Mais ne pourriez-vous pas…?
Lélie
Quoi ?
Mascarille
Vous ne pourriez rien.
Parler avec Anselme.
Lélie
Et que lui puis-je dire ?
Mascarille
Il est vrai, c’est tomber d’un mal dedans un pire.
Il faut pourtant l’avoir. Allez chez Trufaldin.
Lélie
Que faire ?
Mascarille
Je ne sais.
Lélie
C’en est trop, à la fin,
Et tu me mets à bout par ces contes frivoles.
Mascarille
Monsieur, si vous aviez en main force pistoles,
Nous n’aurions pas besoin maintenant de rêver
A chercher les biais que nous devons trouver,
Et pourrions, par un prompt achat de cette esclave,
Empêcher qu’un rival vous prévienne et vous brave.

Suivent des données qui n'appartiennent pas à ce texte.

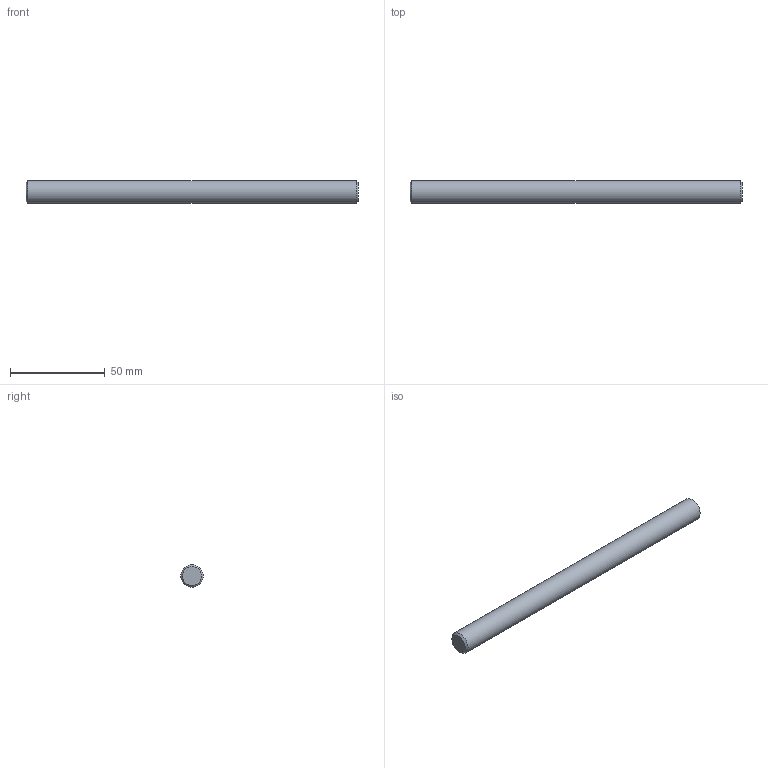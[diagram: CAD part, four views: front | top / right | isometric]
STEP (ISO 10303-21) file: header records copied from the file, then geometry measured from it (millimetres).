
FILE_DESCRIPTION( ( 'Unknown' ), '1' );
FILE_NAME( 'PT07-12175.stp', 'Unknown', ( 'Unknown' ), ( 'Unknown' ), 'XStep 1.0', 'Unknown', ' ' );
FILE_SCHEMA( ( 'CONFIG_CONTROL_DESIGN' ) );
Length unit declared in the file: millimetre
Products named in the file (1): 1
Bounding box: 175 x 12 x 12 mm (x, y, z)
Volume: 19756.4 mm3; surface area: 6776.8 mm2
Topology: 1 solids, 1 shells, 5 faces, 9 edges, 6 vertices
Faces by surface type: cone 2, plane 2, cylinder 1
Full cylindrical faces by diameter (mm): 12 x1
Entity records: 138 total; most frequent: DIRECTION 20, CARTESIAN_POINT 14, AXIS2_PLACEMENT_3D 10, EDGE_LOOP 8, ORIENTED_EDGE 8, FACE_OUTER_BOUND 6, CC_DESIGN_PERSON_AND_ORGANIZATION_ASSIGNMENT 5, ADVANCED_FACE 5
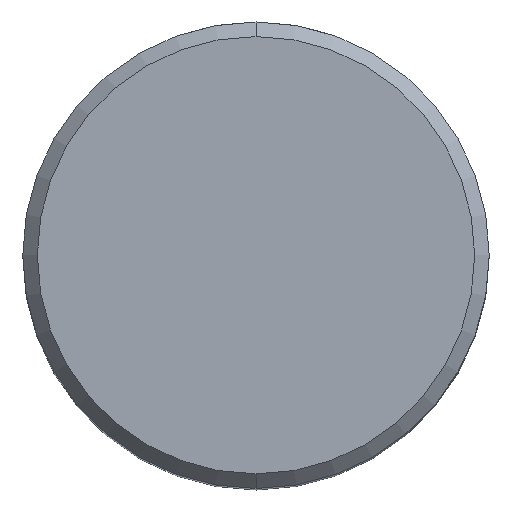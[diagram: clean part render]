
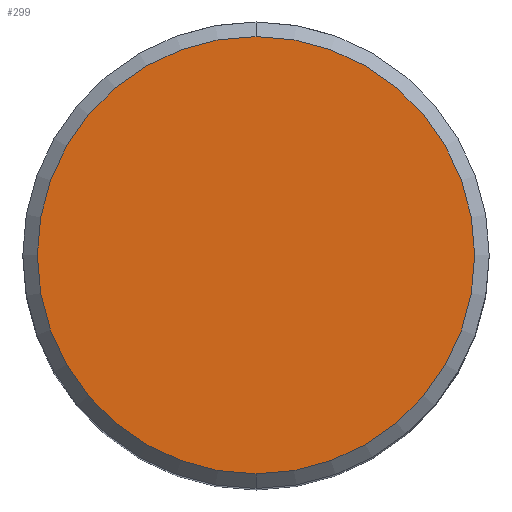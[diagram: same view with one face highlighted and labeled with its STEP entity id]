
A CAD part, top view. The second image highlights one B-rep face of the part: STEP entity #299.
In plain terms, the highlighted planar face has unit normal (0, 0, 1).
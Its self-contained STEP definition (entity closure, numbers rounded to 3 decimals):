
#213=EDGE_CURVE('',#373,#441,#523,.T.);
#299=ADVANCED_FACE('',(#620),#621,.T.);
#373=VERTEX_POINT('',#699);
#393=EDGE_CURVE('',#441,#373,#721,.T.);
#441=VERTEX_POINT('',#775);
#523=CIRCLE('',#889,15.0);
#620=FACE_OUTER_BOUND('',#1085,.T.);
#621=PLANE('',#1086);
#699=CARTESIAN_POINT('',(0.0,15.0,0.0));
#721=CIRCLE('',#1392,15.0);
#775=CARTESIAN_POINT('',(0.,-15.0,0.0));
#889=AXIS2_PLACEMENT_3D('',#1652,#1653,#1654);
#1085=EDGE_LOOP('',(#1775,#1776));
#1086=AXIS2_PLACEMENT_3D('',#1777,#1778,#1779);
#1392=AXIS2_PLACEMENT_3D('',#1859,#1860,#1861);
#1652=CARTESIAN_POINT('',(0.0,0.0,0.0));
#1653=DIRECTION('',(0.0,0.0,-1.0));
#1654=DIRECTION('',(0.0,1.0,0.0));
#1775=ORIENTED_EDGE('',*,*,#213,.F.);
#1776=ORIENTED_EDGE('',*,*,#393,.F.);
#1777=CARTESIAN_POINT('',(0.0,7.5,0.0));
#1778=DIRECTION('',(-0.0,0.0,1.0));
#1779=DIRECTION('',(0.0,-1.0,0.0));
#1859=CARTESIAN_POINT('',(0.0,0.0,0.0));
#1860=DIRECTION('',(0.0,0.0,-1.0));
#1861=DIRECTION('',(0.0,1.0,0.0));
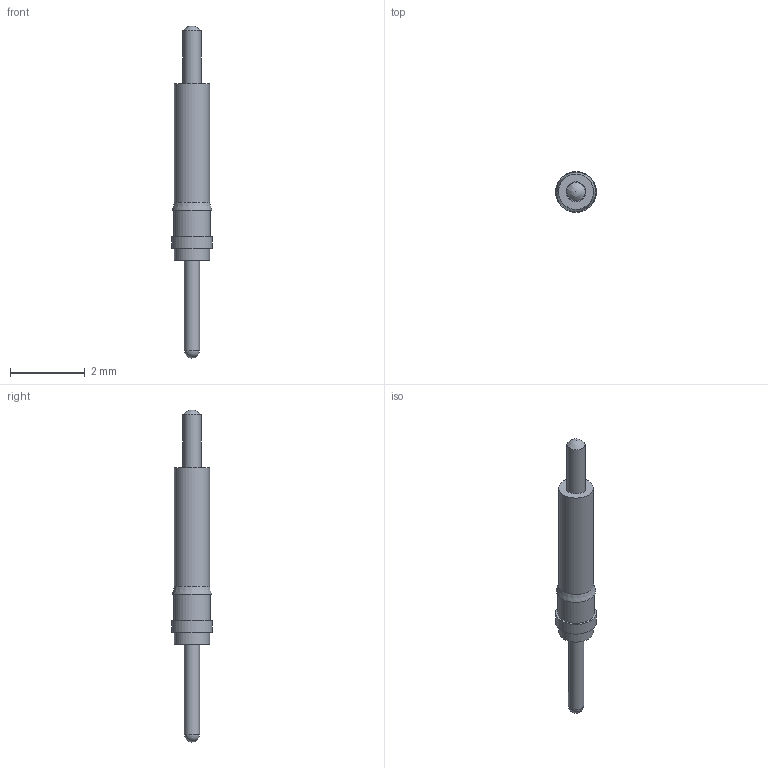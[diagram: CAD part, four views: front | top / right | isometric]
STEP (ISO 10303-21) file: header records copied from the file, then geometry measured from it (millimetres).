
FILE_DESCRIPTION(/* description */ (''),/* implementation_level */ '2;1');
FILE_NAME(/* name */ 'MILL-MAX_0985-0.stp',/* time_stamp */ '2016-11-07T16:47:51+01:00',/* author */ ('riccim'),/* organization */ ('SolidWorks'),/* preprocessor_version */ 'ST-DEVELOPER v15.5',/* originating_system */ 'AutoCAD Mechanical',/* authorisation */ ' ');
FILE_SCHEMA (('AUTOMOTIVE_DESIGN { 1 0 10303 214 3 1 1 }'));
Length unit declared in the file: millimetre
Products named in the file (1): Product
Bounding box: 1.09 x 1.09 x 8.89 mm (x, y, z)
Volume: 3 mm3; surface area: 41.5 mm2
Topology: 4 solids, 4 shells, 32 faces, 58 edges, 37 vertices
Faces by surface type: cylinder 11, plane 11, cone 4, bspline 3, torus 2, sphere 1
Full cylindrical faces by diameter (mm): 0.406 x1, 0.485 x1, 0.533 x1, 0.66 x1, 0.673 x1, 0.701 x1, 0.734 x1, 0.94 x2, 0.991 x1, 1.092 x1
Entity records: 2987 total; most frequent: CARTESIAN_POINT 2429, DIRECTION 120, ORIENTED_EDGE 66, AXIS2_PLACEMENT_3D 60, EDGE_LOOP 56, EDGE_CURVE 33, FACE_OUTER_BOUND 32, ADVANCED_FACE 32

De ces Egyptiens qui la mirent ici,
Trufaldin, qui la garde, est en quelque souci ;
Et trouvant son argent, qu’ils lui font trop attendre,
Je sais bien qu’il serait très ravi de la vendre :
Car enfin en vrai ladre il a toujours vécu ;
Il se ferait fesser pour moins d’un quart d’écu ;
Et l’argent est le dieu que surtout il révère :
Mais le mal, c’est…
Lélie
Quoi ? c’est…
Mascarille
Que monsieur votre père
Est un autre vilain qui ne vous laisse pas,
comme vous voudriez bien, manier ses ducats ;
Qu’il n’est point de ressort qui, pour votre ressource,
Pût faire maintenant ouvrir la moindre bourse.
Mais tâchons de parler à Célie un moment,
Pour savoir là-dessus quel est son sentiment.
La fenêtre est ici.
Lélie
Mais Trufaldin, pour elle,
Fait de nuit et de jour exacte sentinelle.
Prend garde.
Mascarille
Dans ce coin demeurons en repos.
O bonheur ! la voilà qui sort tout à propos.